(Source data Opens)

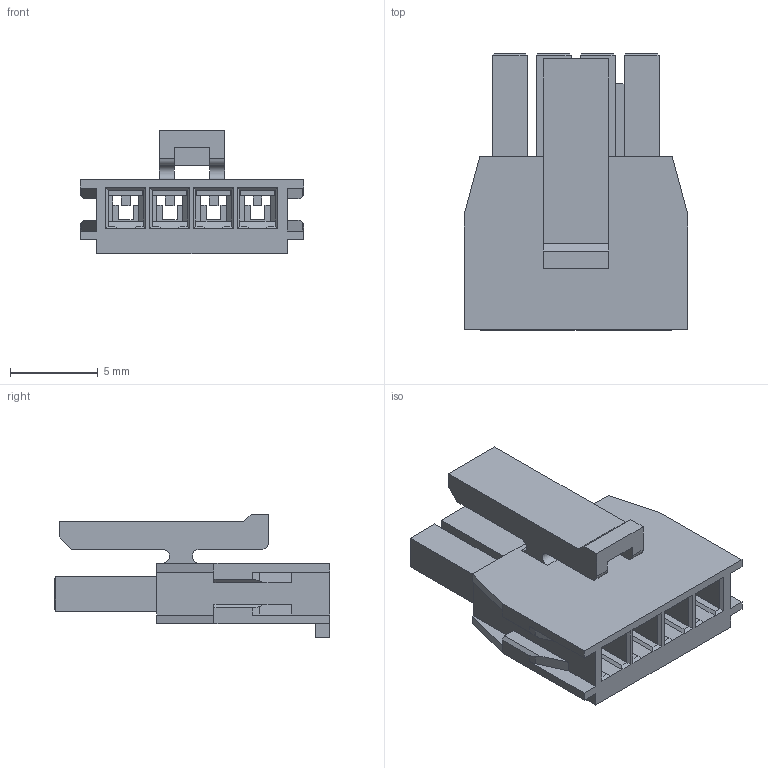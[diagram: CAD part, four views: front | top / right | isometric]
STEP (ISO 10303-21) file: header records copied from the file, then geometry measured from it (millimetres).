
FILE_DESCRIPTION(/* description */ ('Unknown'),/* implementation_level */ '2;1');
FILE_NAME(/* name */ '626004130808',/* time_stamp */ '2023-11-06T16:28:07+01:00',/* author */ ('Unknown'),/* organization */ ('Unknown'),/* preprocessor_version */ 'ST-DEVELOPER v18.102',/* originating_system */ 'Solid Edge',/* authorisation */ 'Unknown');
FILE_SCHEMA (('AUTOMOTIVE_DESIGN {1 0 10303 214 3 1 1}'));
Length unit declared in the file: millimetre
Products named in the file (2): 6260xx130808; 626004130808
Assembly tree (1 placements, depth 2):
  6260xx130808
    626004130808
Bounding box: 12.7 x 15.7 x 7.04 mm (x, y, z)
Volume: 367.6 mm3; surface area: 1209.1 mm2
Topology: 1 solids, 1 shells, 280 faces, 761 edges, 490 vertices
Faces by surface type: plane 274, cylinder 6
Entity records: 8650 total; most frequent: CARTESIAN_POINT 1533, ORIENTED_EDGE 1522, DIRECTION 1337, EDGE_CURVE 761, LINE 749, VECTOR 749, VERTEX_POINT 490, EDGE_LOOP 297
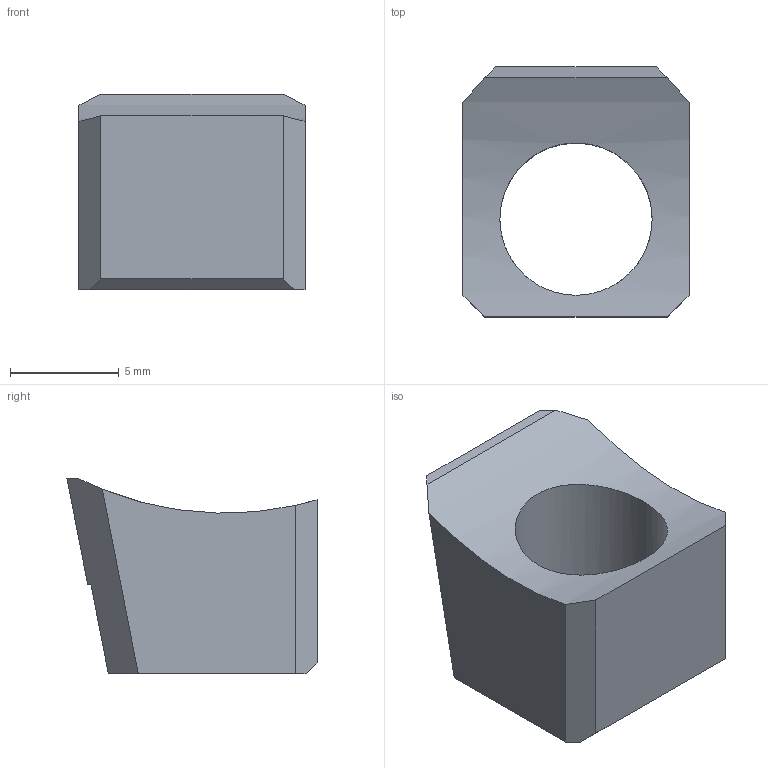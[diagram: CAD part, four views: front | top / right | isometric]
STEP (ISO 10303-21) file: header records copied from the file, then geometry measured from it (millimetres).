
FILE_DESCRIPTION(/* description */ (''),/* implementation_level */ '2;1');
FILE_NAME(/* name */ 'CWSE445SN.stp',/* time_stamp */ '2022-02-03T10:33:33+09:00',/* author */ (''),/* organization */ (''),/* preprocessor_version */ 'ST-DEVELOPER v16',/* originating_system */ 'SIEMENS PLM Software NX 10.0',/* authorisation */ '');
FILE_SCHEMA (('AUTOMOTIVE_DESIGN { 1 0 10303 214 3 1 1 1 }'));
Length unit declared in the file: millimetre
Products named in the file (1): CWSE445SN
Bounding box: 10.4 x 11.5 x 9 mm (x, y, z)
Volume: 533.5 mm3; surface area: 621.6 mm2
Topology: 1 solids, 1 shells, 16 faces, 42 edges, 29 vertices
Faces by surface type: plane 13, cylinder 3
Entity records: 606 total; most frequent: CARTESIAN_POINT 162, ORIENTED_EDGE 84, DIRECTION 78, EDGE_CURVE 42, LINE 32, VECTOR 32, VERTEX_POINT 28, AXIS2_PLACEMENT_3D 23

(Source data Closes)

* _What is required_
All of the entries above are to be written out exactly, with no pictures.

* _Task response_
[diagram: CAD part, four views: front | top / right | isometric]
STEP (ISO 10303-21) file: header records copied from the file, then geometry measured from it (millimetres).
FILE_DESCRIPTION(/* description */ ('Unknown'),/* implementation_level */ '2;1');
FILE_NAME(/* name */ '626004130808',/* time_stamp */ '2023-11-06T16:28:07+01:00',/* author */ ('Unknown'),/* organization */ ('Unknown'),/* preprocessor_version */ 'ST-DEVELOPER v18.102',/* originating_system */ 'Solid Edge',/* authorisation */ 'Unknown');
FILE_SCHEMA (('AUTOMOTIVE_DESIGN {1 0 10303 214 3 1 1}'));
Length unit declared in the file: millimetre
Products named in the file (2): 6260xx130808; 626004130808
Assembly tree (1 placements, depth 2):
  6260xx130808
    626004130808
Bounding box: 12.7 x 15.7 x 7.04 mm (x, y, z)
Volume: 367.6 mm3; surface area: 1209.1 mm2
Topology: 1 solids, 1 shells, 280 faces, 761 edges, 490 vertices
Faces by surface type: plane 274, cylinder 6
Entity records: 8650 total; most frequent: CARTESIAN_POINT 1533, ORIENTED_EDGE 1522, DIRECTION 1337, EDGE_CURVE 761, LINE 749, VECTOR 749, VERTEX_POINT 490, EDGE_LOOP 297
[diagram: CAD part, four views: front | top / right | isometric]
STEP (ISO 10303-21) file: header records copied from the file, then geometry measured from it (millimetres).
FILE_DESCRIPTION(/* description */ (''),/* implementation_level */ '2;1');
FILE_NAME(/* name */ 'CWSE445SN.stp',/* time_stamp */ '2022-02-03T10:33:33+09:00',/* author */ (''),/* organization */ (''),/* preprocessor_version */ 'ST-DEVELOPER v16',/* originating_system */ 'SIEMENS PLM Software NX 10.0',/* authorisation */ '');
FILE_SCHEMA (('AUTOMOTIVE_DESIGN { 1 0 10303 214 3 1 1 1 }'));
Length unit declared in the file: millimetre
Products named in the file (1): CWSE445SN
Bounding box: 10.4 x 11.5 x 9 mm (x, y, z)
Volume: 533.5 mm3; surface area: 621.6 mm2
Topology: 1 solids, 1 shells, 16 faces, 42 edges, 29 vertices
Faces by surface type: plane 13, cylinder 3
Entity records: 606 total; most frequent: CARTESIAN_POINT 162, ORIENTED_EDGE 84, DIRECTION 78, EDGE_CURVE 42, LINE 32, VECTOR 32, VERTEX_POINT 28, AXIS2_PLACEMENT_3D 23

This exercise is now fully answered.